O que a FIV faz, em uma frase

Ela tira do corpo as etapas que dependem do encontro entre óvulo e espermatozoide e as executa em condições controladas. Óvulos são coletados diretamente do ovário, fertilizados no laboratório, e o embrião é colocado dentro do útero já formado.

Isso contorna vários obstáculos de uma vez: tubas comprometidas, alterações do sêmen, dificuldade de ovulação, ambiente pélvico inflamado. É o motivo de a FIV ser o tratamento de reprodução assistida com maior chance por tentativa.

O que ela não faz é criar qualidade onde ela não existe. A FIV usa os óvulos que você tem, com a competência que eles têm. Voltamos a isso no fim.

Para quem a FIV é indicada

As indicações mais frequentes:

  • obstrução ou ausência das tubas uterinas;

  • fator masculino relevante, inclusive azoospermia com recuperação cirúrgica;

  • endometriose, sobretudo em graus mais avançados;

  • idade materna mais avançada, quando o tempo pesa contra tratamentos mais lentos;

  • falha de tratamentos de baixa complexidade, como coito programado e inseminação;

  • infertilidade sem causa aparente após investigação completa;

  • necessidade de teste genético do embrião;

  • casais de mulheres, mulheres solteiras e demais configurações familiares que dependem de gametas de doador.
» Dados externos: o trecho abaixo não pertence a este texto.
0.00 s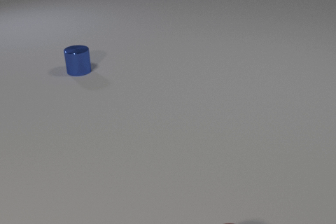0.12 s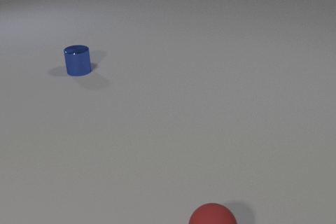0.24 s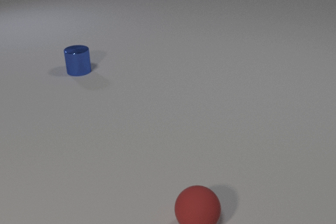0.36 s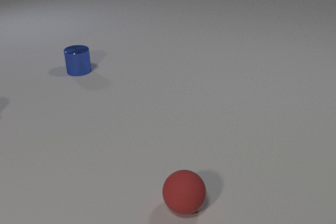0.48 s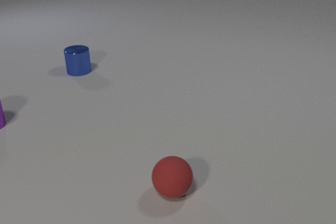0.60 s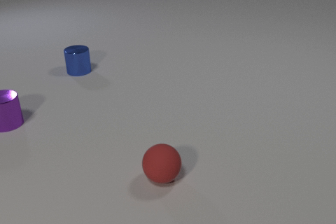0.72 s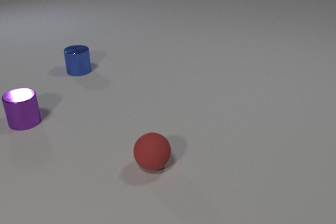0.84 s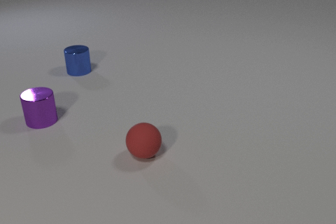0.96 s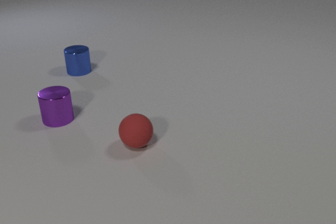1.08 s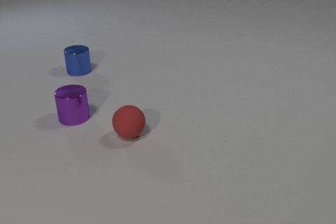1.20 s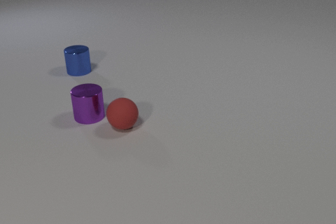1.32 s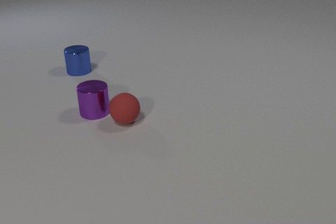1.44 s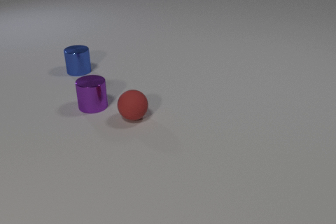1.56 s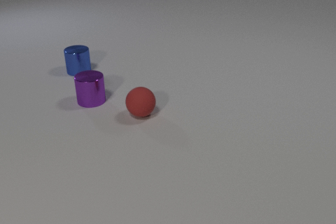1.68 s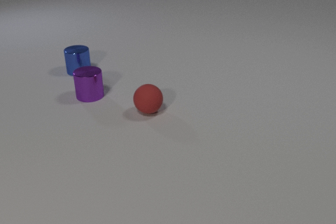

Ela também não é indicada em algumas situações, e isso se diz menos. Quando existe um fator corrigível — um distúrbio de ovulação tratável, um achado uterino operável, um problema hormonal — resolver a causa costuma ser melhor do que contorná-la.

As etapas de um ciclo

1. Preparo e investigação

Antes de qualquer medicação, o casal completa a investigação: reserva ovariana, avaliação uterina, sorologias e exames obrigatórios, espermograma. É nessa fase que se define o protocolo e a dose.

2. Estimulação ovariana

Cerca de dez dias de aplicações subcutâneas diárias de gonadotrofinas, com um segundo medicamento para impedir a ovulação espontânea no meio do caminho. O objetivo é fazer crescer, no mesmo ciclo, o grupo de folículos que naturalmente se perderia.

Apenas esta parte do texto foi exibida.